(Stored entries)
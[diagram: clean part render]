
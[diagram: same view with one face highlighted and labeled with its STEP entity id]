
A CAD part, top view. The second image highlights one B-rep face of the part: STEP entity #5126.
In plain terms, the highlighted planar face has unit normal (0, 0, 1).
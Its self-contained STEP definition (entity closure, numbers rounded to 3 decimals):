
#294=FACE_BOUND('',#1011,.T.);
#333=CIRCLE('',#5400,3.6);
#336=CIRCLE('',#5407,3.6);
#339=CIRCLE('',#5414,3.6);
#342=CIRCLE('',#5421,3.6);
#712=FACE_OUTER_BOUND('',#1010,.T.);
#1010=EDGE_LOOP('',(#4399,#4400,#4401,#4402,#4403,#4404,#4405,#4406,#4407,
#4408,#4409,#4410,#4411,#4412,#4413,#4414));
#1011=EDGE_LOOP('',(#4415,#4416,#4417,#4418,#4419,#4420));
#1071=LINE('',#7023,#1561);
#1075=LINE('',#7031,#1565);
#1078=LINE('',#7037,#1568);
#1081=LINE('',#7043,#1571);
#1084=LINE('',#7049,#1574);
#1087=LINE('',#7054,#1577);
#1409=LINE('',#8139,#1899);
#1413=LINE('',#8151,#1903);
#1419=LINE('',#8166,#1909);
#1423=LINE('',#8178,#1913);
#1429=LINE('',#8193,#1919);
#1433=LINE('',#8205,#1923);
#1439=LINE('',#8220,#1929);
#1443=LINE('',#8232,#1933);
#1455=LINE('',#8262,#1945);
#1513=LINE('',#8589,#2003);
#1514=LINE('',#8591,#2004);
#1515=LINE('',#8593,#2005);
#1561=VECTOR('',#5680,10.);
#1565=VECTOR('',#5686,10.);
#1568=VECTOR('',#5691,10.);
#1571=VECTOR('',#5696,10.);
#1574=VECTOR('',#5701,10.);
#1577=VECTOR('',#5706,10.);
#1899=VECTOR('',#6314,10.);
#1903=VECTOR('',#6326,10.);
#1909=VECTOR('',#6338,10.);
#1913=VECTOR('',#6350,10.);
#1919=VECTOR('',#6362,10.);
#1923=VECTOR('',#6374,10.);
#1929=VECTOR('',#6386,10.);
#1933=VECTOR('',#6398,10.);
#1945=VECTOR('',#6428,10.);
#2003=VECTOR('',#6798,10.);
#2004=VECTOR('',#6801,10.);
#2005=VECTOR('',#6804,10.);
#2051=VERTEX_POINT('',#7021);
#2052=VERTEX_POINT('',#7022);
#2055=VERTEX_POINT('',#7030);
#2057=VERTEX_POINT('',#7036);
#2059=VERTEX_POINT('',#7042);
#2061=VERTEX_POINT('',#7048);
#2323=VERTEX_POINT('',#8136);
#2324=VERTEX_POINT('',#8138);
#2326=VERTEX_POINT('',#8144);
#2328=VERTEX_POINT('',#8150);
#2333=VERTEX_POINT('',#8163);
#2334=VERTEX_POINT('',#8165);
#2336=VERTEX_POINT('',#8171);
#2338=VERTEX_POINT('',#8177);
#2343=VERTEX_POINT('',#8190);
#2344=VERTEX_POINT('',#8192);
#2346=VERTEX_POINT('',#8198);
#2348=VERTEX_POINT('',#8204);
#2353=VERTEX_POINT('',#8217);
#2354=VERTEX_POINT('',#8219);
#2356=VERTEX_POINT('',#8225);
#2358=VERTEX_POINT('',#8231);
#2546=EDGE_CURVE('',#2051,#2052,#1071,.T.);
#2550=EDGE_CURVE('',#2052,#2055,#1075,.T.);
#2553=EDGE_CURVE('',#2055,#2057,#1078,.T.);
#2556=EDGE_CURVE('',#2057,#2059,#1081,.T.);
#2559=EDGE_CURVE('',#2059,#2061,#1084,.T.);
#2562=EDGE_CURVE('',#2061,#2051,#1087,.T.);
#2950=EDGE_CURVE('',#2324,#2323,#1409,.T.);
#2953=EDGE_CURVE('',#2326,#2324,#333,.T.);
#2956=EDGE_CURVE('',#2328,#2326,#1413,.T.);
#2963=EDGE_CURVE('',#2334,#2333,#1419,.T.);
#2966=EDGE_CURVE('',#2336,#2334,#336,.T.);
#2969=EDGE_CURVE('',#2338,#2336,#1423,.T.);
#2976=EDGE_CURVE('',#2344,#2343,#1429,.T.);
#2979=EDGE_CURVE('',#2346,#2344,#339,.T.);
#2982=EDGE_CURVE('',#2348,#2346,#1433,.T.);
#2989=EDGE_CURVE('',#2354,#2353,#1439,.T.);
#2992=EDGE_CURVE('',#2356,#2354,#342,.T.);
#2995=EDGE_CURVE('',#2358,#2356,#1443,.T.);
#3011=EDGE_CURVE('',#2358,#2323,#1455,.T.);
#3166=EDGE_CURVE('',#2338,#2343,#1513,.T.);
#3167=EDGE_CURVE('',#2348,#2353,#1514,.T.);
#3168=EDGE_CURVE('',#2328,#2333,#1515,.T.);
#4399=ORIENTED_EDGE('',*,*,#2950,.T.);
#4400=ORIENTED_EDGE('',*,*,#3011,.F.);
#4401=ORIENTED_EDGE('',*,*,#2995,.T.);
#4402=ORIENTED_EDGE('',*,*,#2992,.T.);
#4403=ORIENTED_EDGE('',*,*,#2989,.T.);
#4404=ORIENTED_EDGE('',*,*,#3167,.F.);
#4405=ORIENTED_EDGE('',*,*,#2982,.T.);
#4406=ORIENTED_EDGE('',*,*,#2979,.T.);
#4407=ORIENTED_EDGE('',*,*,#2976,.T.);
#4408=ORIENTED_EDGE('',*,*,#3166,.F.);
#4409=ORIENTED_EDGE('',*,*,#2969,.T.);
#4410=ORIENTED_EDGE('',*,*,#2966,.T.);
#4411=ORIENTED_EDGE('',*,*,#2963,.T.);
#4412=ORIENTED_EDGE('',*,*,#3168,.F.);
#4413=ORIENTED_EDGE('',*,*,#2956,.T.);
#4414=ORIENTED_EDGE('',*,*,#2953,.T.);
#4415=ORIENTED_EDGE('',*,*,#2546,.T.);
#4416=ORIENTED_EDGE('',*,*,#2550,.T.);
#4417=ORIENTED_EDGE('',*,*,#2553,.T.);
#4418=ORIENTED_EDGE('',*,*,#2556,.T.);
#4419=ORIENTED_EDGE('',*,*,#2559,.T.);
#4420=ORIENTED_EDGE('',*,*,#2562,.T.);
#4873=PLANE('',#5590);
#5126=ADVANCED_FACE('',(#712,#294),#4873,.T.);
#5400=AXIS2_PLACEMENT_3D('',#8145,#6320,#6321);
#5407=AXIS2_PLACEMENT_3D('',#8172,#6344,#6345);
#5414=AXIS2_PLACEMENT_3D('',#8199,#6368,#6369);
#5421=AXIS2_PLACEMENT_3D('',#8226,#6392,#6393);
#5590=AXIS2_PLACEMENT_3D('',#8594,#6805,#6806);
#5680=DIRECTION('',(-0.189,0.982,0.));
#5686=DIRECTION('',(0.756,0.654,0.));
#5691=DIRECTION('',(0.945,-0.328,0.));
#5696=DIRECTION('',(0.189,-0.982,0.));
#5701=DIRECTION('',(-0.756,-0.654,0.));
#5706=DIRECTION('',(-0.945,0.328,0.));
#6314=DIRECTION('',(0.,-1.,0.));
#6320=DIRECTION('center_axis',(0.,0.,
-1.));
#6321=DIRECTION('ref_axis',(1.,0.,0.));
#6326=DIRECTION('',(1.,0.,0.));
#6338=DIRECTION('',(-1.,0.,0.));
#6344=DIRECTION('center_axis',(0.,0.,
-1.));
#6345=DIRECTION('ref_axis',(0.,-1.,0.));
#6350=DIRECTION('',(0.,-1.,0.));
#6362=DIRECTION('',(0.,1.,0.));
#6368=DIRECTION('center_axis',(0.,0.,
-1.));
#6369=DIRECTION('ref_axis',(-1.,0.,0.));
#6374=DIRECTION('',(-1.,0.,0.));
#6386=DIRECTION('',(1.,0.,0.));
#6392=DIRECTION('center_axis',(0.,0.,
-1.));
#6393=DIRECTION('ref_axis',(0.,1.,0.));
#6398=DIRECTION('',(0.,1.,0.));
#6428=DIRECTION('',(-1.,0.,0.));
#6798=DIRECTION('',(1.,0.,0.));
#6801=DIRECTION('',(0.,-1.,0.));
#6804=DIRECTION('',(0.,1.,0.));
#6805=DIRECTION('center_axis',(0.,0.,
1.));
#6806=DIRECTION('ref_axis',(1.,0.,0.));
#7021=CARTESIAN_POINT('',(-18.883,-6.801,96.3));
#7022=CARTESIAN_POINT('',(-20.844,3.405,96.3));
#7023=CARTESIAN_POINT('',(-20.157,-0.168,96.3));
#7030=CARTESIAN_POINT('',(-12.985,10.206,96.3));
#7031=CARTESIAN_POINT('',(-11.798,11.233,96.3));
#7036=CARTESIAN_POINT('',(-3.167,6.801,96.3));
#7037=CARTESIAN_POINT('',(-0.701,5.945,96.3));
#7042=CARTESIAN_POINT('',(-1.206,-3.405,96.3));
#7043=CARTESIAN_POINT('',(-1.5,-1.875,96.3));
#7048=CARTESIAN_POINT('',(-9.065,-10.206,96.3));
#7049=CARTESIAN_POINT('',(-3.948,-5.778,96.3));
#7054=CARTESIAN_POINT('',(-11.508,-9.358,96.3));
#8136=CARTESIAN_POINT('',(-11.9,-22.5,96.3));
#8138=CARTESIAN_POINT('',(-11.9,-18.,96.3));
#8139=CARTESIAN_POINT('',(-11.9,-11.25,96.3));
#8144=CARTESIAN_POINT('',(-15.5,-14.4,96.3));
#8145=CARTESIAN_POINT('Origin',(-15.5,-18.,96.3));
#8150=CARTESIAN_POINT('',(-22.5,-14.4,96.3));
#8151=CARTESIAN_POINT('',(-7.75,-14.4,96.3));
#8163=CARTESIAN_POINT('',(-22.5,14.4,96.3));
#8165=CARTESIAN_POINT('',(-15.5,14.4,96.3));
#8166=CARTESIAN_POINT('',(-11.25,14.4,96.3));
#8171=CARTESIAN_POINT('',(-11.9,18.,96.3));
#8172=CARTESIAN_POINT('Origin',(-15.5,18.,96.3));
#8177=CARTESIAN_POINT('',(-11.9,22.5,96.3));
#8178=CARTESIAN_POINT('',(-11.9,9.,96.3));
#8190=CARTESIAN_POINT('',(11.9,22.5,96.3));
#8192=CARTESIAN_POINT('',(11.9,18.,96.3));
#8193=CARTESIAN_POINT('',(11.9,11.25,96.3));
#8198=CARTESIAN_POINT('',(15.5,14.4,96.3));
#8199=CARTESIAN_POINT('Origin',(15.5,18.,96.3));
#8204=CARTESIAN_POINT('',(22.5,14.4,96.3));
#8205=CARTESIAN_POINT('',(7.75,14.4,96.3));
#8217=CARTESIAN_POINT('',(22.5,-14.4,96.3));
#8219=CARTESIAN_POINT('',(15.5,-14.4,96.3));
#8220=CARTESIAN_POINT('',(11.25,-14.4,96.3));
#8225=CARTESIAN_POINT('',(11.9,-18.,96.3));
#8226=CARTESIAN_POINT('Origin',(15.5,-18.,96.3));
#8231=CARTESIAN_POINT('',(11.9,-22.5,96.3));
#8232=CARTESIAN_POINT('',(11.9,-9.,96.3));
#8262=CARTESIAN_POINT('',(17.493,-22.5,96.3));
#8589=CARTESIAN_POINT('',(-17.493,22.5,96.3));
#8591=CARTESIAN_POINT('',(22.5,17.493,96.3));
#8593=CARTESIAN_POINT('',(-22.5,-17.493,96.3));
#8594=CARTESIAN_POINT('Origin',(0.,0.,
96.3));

EXERCISE REQUIREMENTS: Which lines of the data contain the string "Origin"? Copy each one.

FINAL ANSWER:
#8145=CARTESIAN_POINT('Origin',(-15.5,-18.,96.3));
#8172=CARTESIAN_POINT('Origin',(-15.5,18.,96.3));
#8199=CARTESIAN_POINT('Origin',(15.5,18.,96.3));
#8226=CARTESIAN_POINT('Origin',(15.5,-18.,96.3));
#8594=CARTESIAN_POINT('Origin',(0.,0.,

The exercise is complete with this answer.